The following week, Wal-Mart’s corporate office directed the store manager,
Defendant Troy Estill, to fire Plaintiff due to the failed drug test, which was in violation
of the company’s drug use policy. Wal-Mart did not honor Plaintiff’s medical marijuana
card. Plaintiff sued Wal-Mart and Estill in state court for wrongful discharge and
violation of the MMMA, arguing that the statute prevents a business from engaging in
disciplinary action against a card holder who is a qualifying patient. Defendants
thereafter removed the case to federal court based on diversity jurisdiction under
28 U.S.C. §§ 1332, 1441(a), and moved to dismiss the action for failure to state a claim.
Plaintiff moved to remand the case to state court on the basis that Defendant Estill is a
Michigan citizen, as is Plaintiff, and was properly joined, therefore eliminating diversity
jurisdiction. Plaintiff also opposed Defendants’ motion to dismiss.
The district court denied Plaintiff’s motion to remand and granted Defendants’
motion to dismiss. The district court held that Estill was fraudulently joined and could
not be held liable under Michigan law because he did not make the decision to terminate
Plaintiff, nor did he have the authority to fire Plaintiff. Therefore, the district court
determined that Estill’s citizenship should be disregarded for purposes of determining
diversity jurisdiction. In addition, the district court held that the MMMA does not
protect Plaintiff’s right to bring a wrongful termination action because the MMMA does
not regulate private employment. Plaintiff now appeals.
I. Motion to Remand
We review a district court’s ruling on the issue of jurisdiction de novo, but the
district court’s factual findings are reviewed for clear error. Coyne v. American Tobacco
No. 11-1227 Casias v. Wal-Mart, et al. Page 5
Co., 183 F.3d 488, 492 (6th Cir. 1999). “When a non-diverse party has been joined as
a defendant, then in the absence of a substantial federal question the removing defendant
may avoid remand only by demonstrating that the non-diverse party was fraudulently
joined.” Jerome-Duncan, Inc. v. Auto-By-Tel, L.L.C., 176 F.3d 904, 907 (6th Cir. 1999)
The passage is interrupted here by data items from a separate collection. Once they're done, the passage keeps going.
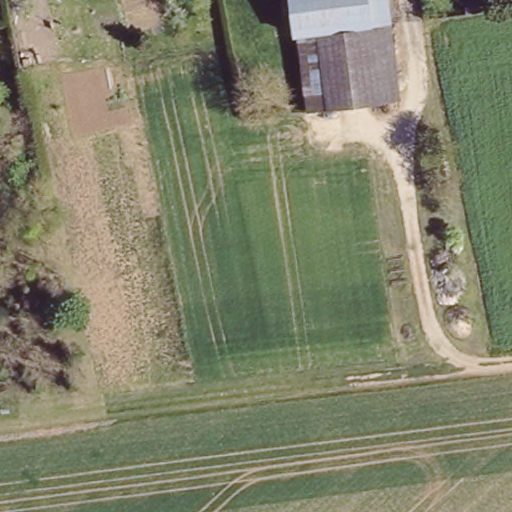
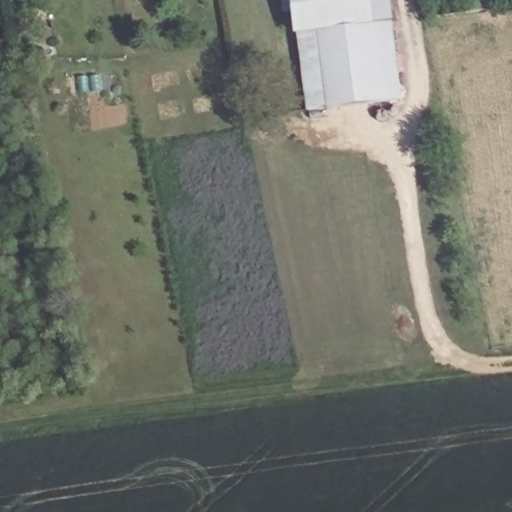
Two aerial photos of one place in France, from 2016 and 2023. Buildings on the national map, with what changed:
unchanged [(389,17),(331,25),(296,29),(291,0),(386,0),(389,17)]
unchanged [(490,7),(464,10),(463,0),(489,0),(490,7)]
unchanged [(331,25),(389,17),(399,91),(308,105),(296,29),(331,25)]

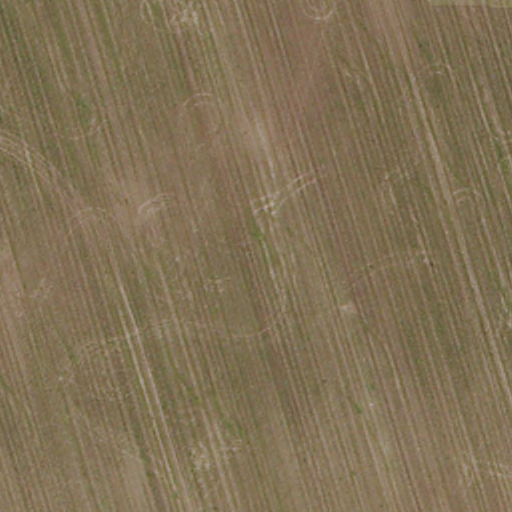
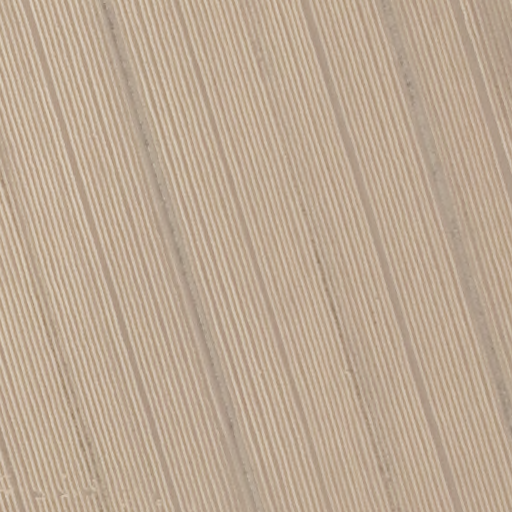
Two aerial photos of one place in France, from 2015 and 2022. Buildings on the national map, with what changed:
[]

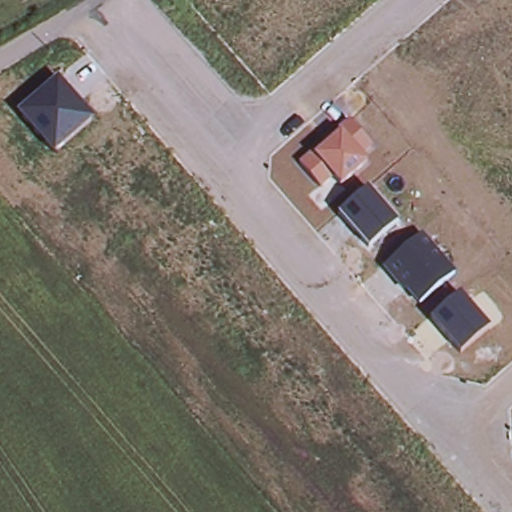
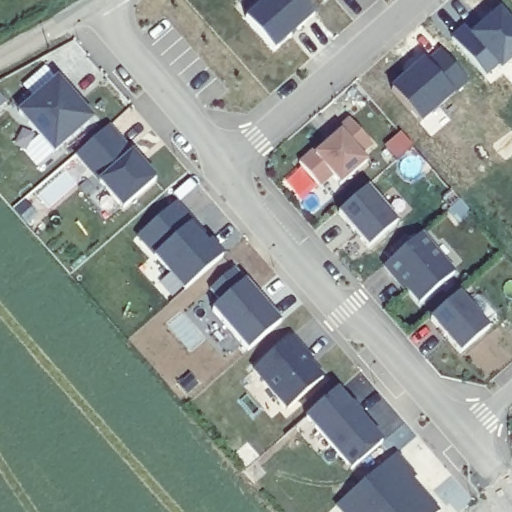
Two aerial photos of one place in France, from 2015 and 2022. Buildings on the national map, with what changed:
new [(266,0),(302,0),(316,15),(274,52),(246,19),(266,0)]
unchanged [(321,0),(329,0),(325,4),(321,0)]
new [(466,22),(473,30),(504,5),(512,16),(512,55),(503,64),(500,60),(487,70),(453,33),(466,22)]
new [(442,46),(470,80),(424,117),(395,84),(442,46)]
unchanged [(19,113),(57,80),(94,120),(55,154),(19,113)]
unchanged [(299,161),(349,120),(372,147),(362,158),(367,163),(341,185),(332,177),(321,188),(299,161)]
unchanged [(155,183),(124,211),(76,157),(108,130),(155,183)]
unchanged [(340,214),(368,190),(397,224),(369,248),(340,214)]
new [(177,200),(222,251),(185,283),(138,234),(177,200)]
unchanged [(405,290),(401,292),(382,268),(422,235),(455,274),(419,303),(405,290)]
new [(281,317),(250,345),(214,305),(220,297),(212,287),(235,267),(281,317)]
unchanged [(431,319),(459,295),(490,329),(461,352),(431,319)]
new [(254,372),(292,340),(306,356),(303,358),(322,382),(289,411),(254,372)]
new [(307,417),(336,391),(381,445),(352,468),(307,417)]
new [(415,479),(411,482),(436,512),(341,512),(337,507),(395,457),(415,479)]

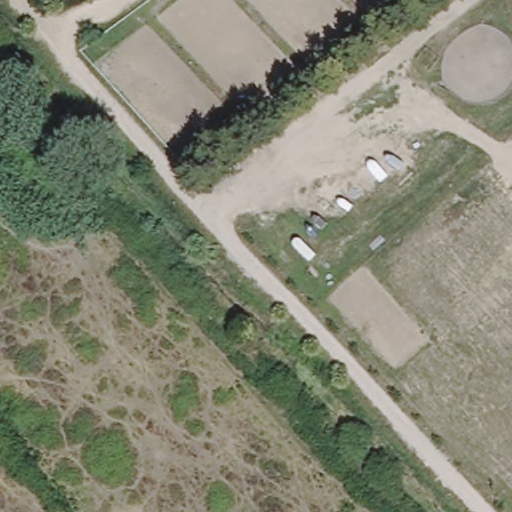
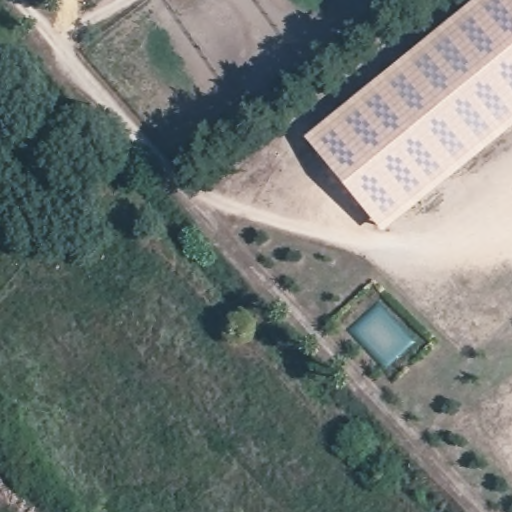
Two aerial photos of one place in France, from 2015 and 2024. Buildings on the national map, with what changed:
new [(306,136),(472,0),(512,0),(512,127),(384,233),(306,136)]

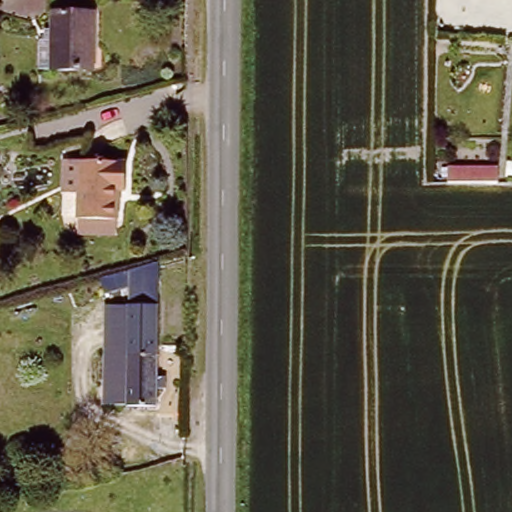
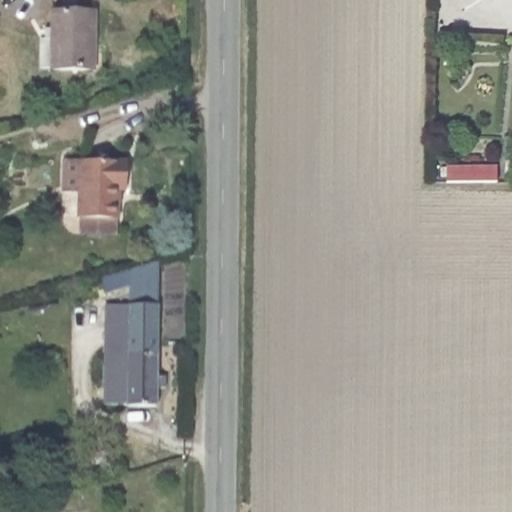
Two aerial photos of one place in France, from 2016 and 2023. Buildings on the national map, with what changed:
unchanged [(92,69),(40,66),(40,41),(46,41),(47,27),(53,27),(54,10),(94,12),(92,69)]
unchanged [(72,227),(72,214),(75,157),(125,159),(124,188),(112,187),(110,216),(110,229),(72,227)]
unchanged [(467,182),(447,181),(447,165),(468,166),(497,167),(497,183),(467,182)]
unchanged [(120,307),(125,307),(125,272),(154,265),(154,354),(120,353),(120,307)]
unchanged [(103,357),(120,358),(120,353),(154,354),(152,412),(117,412),(102,410),(103,357)]

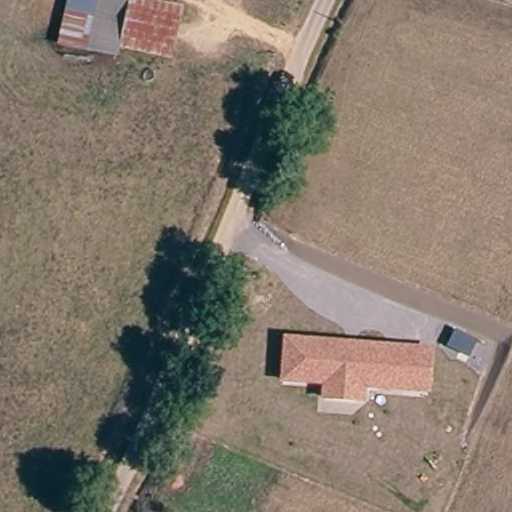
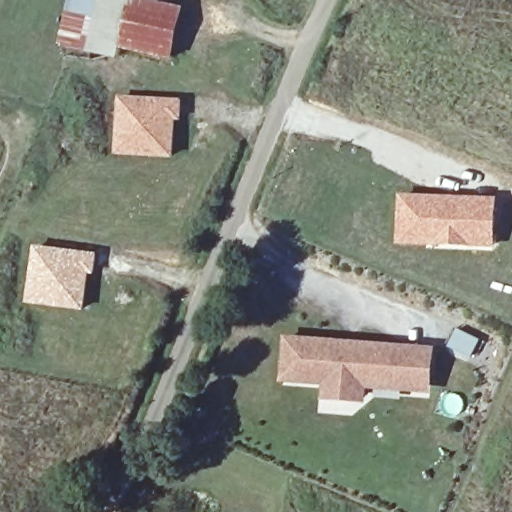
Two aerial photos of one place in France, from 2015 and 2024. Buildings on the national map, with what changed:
unchanged [(182,5),(172,54),(203,61),(201,70),(170,64),(169,60),(116,47),(111,60),(84,52),(53,43),(64,0),(158,0),(182,5)]
new [(117,94),(183,97),(182,121),(177,121),(174,159),(114,155),(117,94)]
new [(399,192),(497,195),(495,248),(397,244),(399,192)]
new [(32,244),(98,251),(95,275),(90,275),(85,311),(23,303),(32,244)]
new [(455,327),(478,338),(468,358),(444,346),(455,327)]
unchanged [(434,348),(432,395),(368,392),(367,407),(322,403),(322,385),(282,381),(285,336),(434,348)]

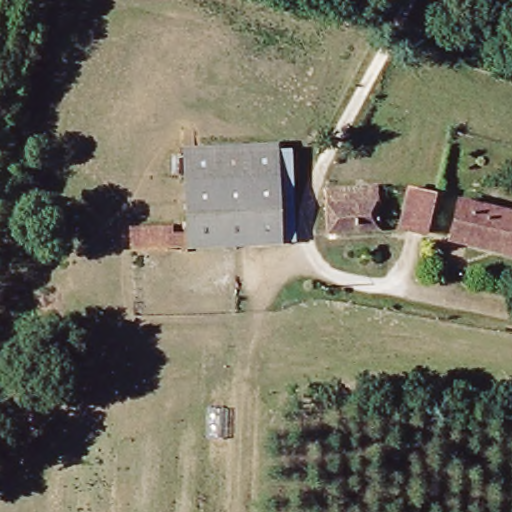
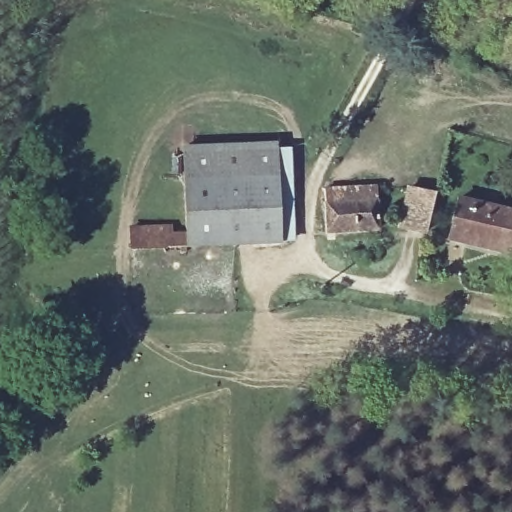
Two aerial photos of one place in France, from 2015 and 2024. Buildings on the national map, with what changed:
unchanged [(280,242),(127,250),(126,227),(165,226),(165,235),(181,234),(177,150),(275,146),(280,242)]
unchanged [(376,220),(330,231),(320,190),(366,180),(376,220)]
unchanged [(407,189),(431,194),(423,232),(400,227),(407,189)]
unchanged [(450,239),(457,200),(512,210),(512,251),(450,239)]

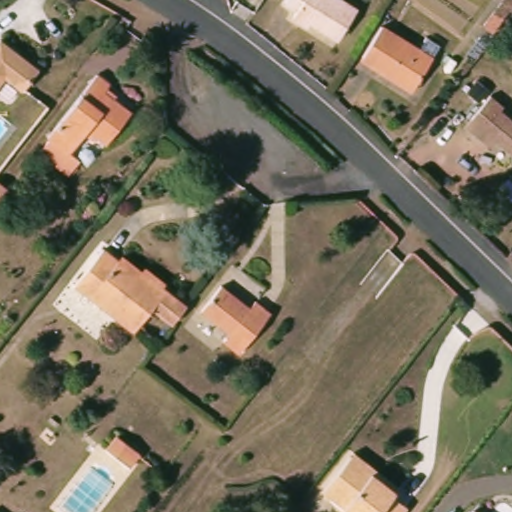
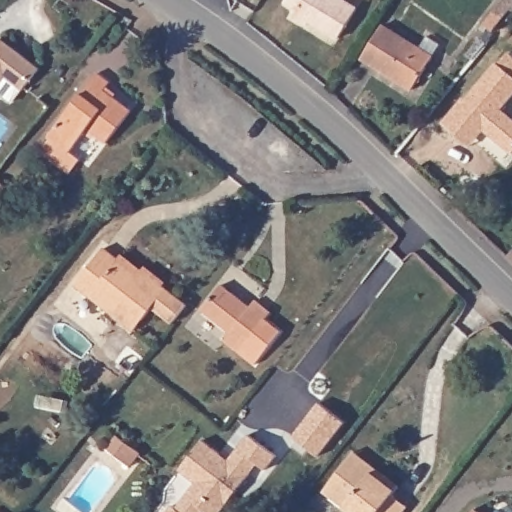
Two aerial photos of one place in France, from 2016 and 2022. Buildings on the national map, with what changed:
unchanged [(345,35),(317,18),(315,22),(301,13),(304,6),(295,0),(353,0),(362,6),(345,35)]
unchanged [(490,23),(482,16),(494,0),(507,0),(508,0),(490,23)]
unchanged [(383,33),(417,53),(426,41),(439,49),(412,94),(363,64),(383,33)]
unchanged [(21,89),(4,75),(0,80),(0,39),(37,67),(21,89)]
unchanged [(114,83),(108,91),(137,111),(112,143),(92,129),(76,151),(84,158),(73,173),(41,150),(100,74),(114,83)]
unchanged [(499,101),(512,111),(510,114),(512,116),(512,149),(507,144),(502,150),(476,129),(481,123),(499,101)]
unchanged [(0,194),(0,173),(11,180),(0,194)]
unchanged [(102,250),(146,282),(151,275),(187,303),(172,323),(152,307),(136,329),(77,285),(102,250)]
unchanged [(225,283),(255,304),(262,294),(278,304),(244,351),(228,339),(236,330),(206,308),(225,283)]
new [(345,421),(319,455),(292,436),(318,402),(345,421)]
unchanged [(119,435),(142,453),(132,466),(109,449),(119,435)]
new [(276,454),(266,469),(258,463),(219,512),(208,512),(204,509),(201,512),(166,512),(172,504),(176,508),(195,482),(181,469),(202,439),(229,459),(248,435),(276,454)]
unchanged [(357,451),(386,474),(403,486),(393,498),(410,511),(409,512),(357,512),(327,488),(352,458),(357,451)]
unchanged [(492,512),(474,512),(481,504),(492,512)]
unchanged [(0,509),(4,512),(0,512),(0,509)]

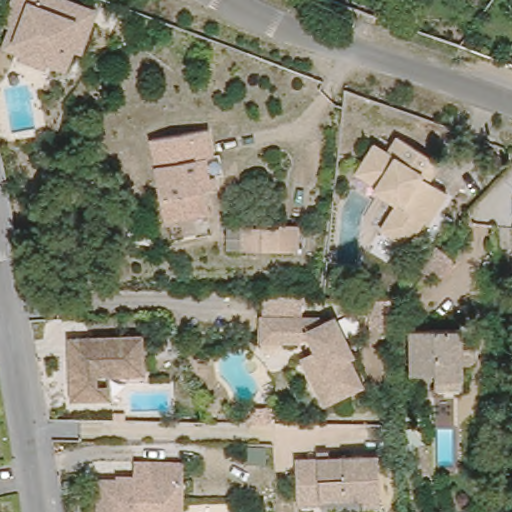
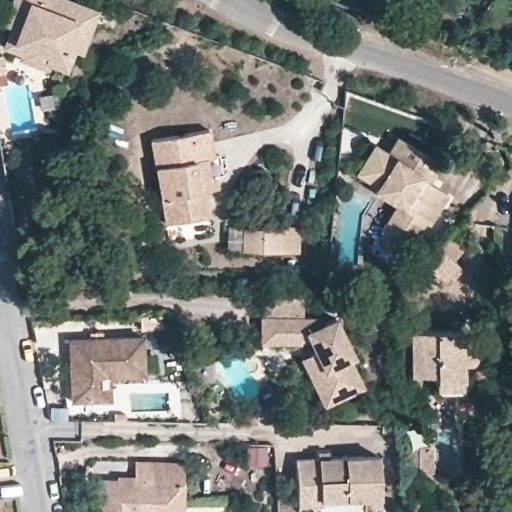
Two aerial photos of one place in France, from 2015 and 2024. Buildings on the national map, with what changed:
unchanged [(81,45),(75,63),(56,56),(54,62),(33,53),(34,48),(15,41),(22,23),(15,21),(20,8),(23,0),(85,0),(97,5),(104,7),(88,47),(81,45)]
unchanged [(205,191),(209,217),(166,224),(152,139),(209,130),(213,157),(206,158),(209,178),(216,177),(218,189),(205,191)]
unchanged [(369,186),(356,178),(358,175),(374,149),(387,157),(397,142),(439,168),(428,186),(447,198),(442,205),(428,228),(424,226),(408,252),(389,240),(381,235),(388,222),(397,209),(388,204),(374,195),(376,191),(369,186)]
unchanged [(227,232),(279,234),(279,232),(298,232),(296,258),(226,255),(227,232)]
unchanged [(437,280),(419,265),(437,245),(454,260),(437,280)]
unchanged [(315,351),(310,341),(299,341),(299,343),(261,342),(261,317),(314,318),(314,328),(334,318),(354,358),(349,360),(363,387),(325,405),(311,378),(301,358),(315,351)]
unchanged [(464,367),(458,367),(458,394),(431,394),(431,379),(406,379),(405,335),(430,335),(430,334),(457,334),(458,353),(464,353),(464,367)]
unchanged [(103,401),(77,402),(74,339),(148,336),(149,375),(114,377),(115,400),(103,401)]
unchanged [(432,472),(417,472),(417,451),(432,450),(432,472)]
unchanged [(369,507),(368,499),(326,501),(326,505),(303,506),(301,459),(323,458),(323,451),(333,451),(333,457),(384,455),(386,507),(369,507)]
unchanged [(143,481),(143,462),(188,463),(188,508),(188,512),(102,512),(103,480),(143,481)]

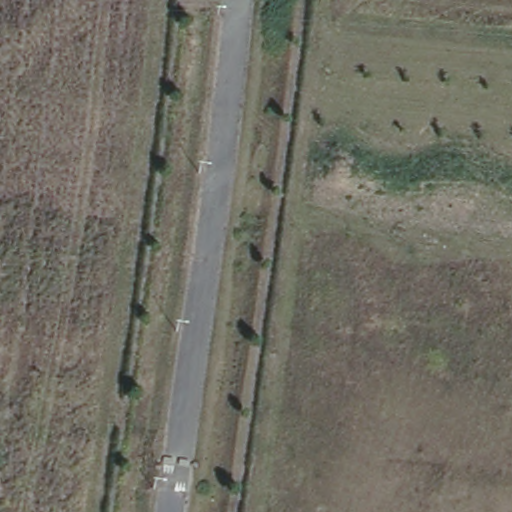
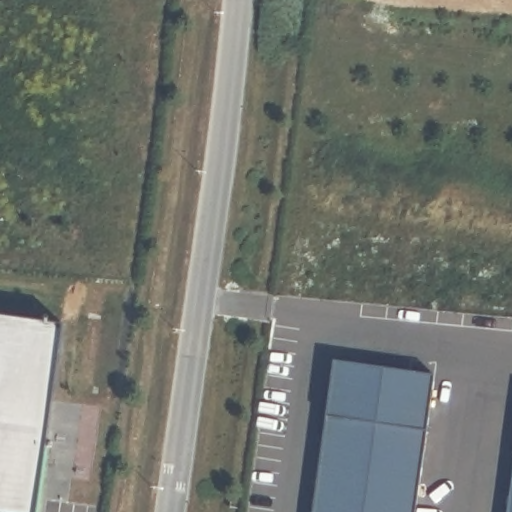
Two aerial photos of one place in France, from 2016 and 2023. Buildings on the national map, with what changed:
new [(57,334),(34,512),(0,512),(0,325),(57,334)]
new [(414,512),(306,512),(326,365),(431,383),(414,512)]
new [(512,437),(512,512),(502,512),(512,437)]

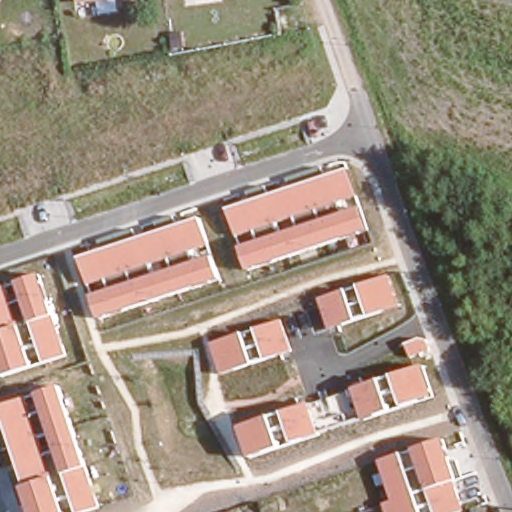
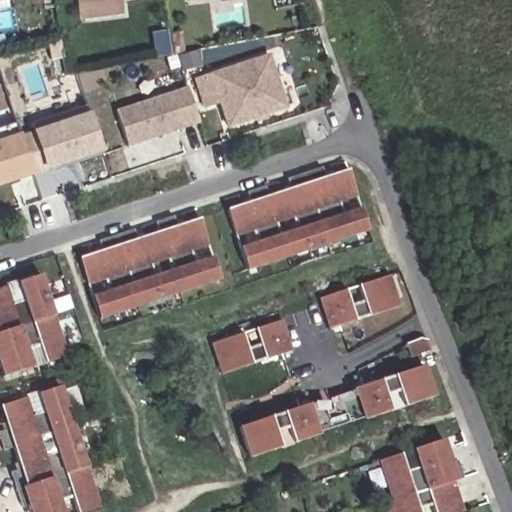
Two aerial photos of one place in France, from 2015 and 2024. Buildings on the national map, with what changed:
demolished [(75,0),(115,0),(76,6),(75,0)]
new [(78,20),(75,0),(120,0),(122,14),(78,20)]
new [(267,55),(287,109),(225,130),(219,105),(202,109),(194,80),(267,55)]
new [(187,89),(199,126),(127,148),(115,111),(187,89)]
new [(45,173),(32,131),(87,113),(101,153),(45,173)]
new [(20,133),(22,136),(29,133),(42,173),(0,187),(0,139),(20,133)]
unchanged [(246,271),(238,247),(258,240),(255,230),(237,236),(229,209),(349,170),(360,197),(347,200),(351,209),(363,205),(372,230),(246,271)]
unchanged [(99,320),(91,296),(97,293),(95,283),(89,285),(78,258),(201,219),(210,244),(196,249),(199,259),(215,255),(222,279),(99,320)]
unchanged [(402,307),(328,330),(318,299),(392,275),(402,307)]
unchanged [(52,315),(57,312),(69,356),(1,376),(0,374),(0,289),(40,277),(52,315)]
unchanged [(294,351),(219,375),(209,343),(284,319),(294,351)]
unchanged [(435,396),(252,455),(242,425),(423,365),(435,396)]
unchanged [(85,465),(89,464),(104,507),(88,512),(29,512),(20,486),(25,484),(0,408),(60,387),(85,465)]
unchanged [(459,512),(433,512),(431,506),(421,511),(421,512),(386,512),(382,503),(394,499),(382,460),(444,439),(452,459),(458,457),(464,479),(457,481),(466,510),(459,512)]

(citation omitted). Fraudulent joinder is “a judicially created doctrine that provides an
exception to the requirement of complete diversity.” Coyne, 183 F.3d at 493 (quoting
Triggs v. John Crump Toyota, Inc., 154 F.3d 1284, 1287 (11th Cir. 1998) (alteration in
original)). A defendant is fraudulently joined if it is “clear that there can be no recovery
under the law of the state on the cause alleged or on the facts in view of the law . . . ”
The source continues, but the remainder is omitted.